Achtergrond

Beeldbellen in de hulpverlening: Horen, zien en ook voelen?

Sarah De Coninck, Elke Emmers

In tijden van COVID-19 slaan hulpverleners massaal aan het beeldbellen. Ze horen én zien hun cliënten. Dat geeft een gevoel van nabijheid. Maar is die digitale tool sterk genoeg om warme zorg te bieden? Wat leert onderzoek ons?

Dossier:  

© Unsplash / Victoria Heath

Koele minnaars

Iets meer dan een jaar geleden waren we ervan overtuigd dat onlinehulp meer vergt dan de aankoop van een tool.
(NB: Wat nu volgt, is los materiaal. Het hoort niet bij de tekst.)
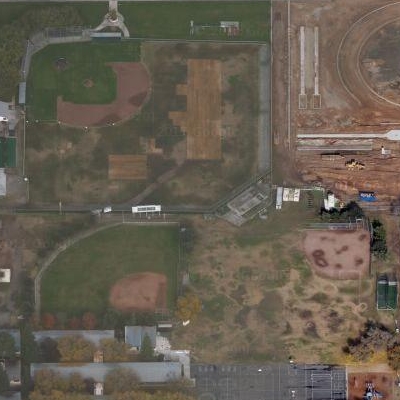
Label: Grass

Begin dit jaar bleken hulpverleners in de geestelijke gezondheidszorg en digitale tools nog steeds koele minnaars. En kijk: door de coronacrisis schakelden hulpverleners de laatste weken massaal over op onlinehulpverlening.

‘Hulpverleners schakelden de laatste weken massaal over op online hulp.’

Jeugdwerkers en -hulpverleners bijvoorbeeld zetten in op beeldbellen en andere vormen van onlinehulp om de eenzaamheid van jongeren te doorbreken of om kwetsbare groepen te bereiken.

De toegevoegde waarde van het beeld maakt dat beeldbellen een manier is om vanop afstand nabij te zijn. Toch hebben hulpverleners nog vragen.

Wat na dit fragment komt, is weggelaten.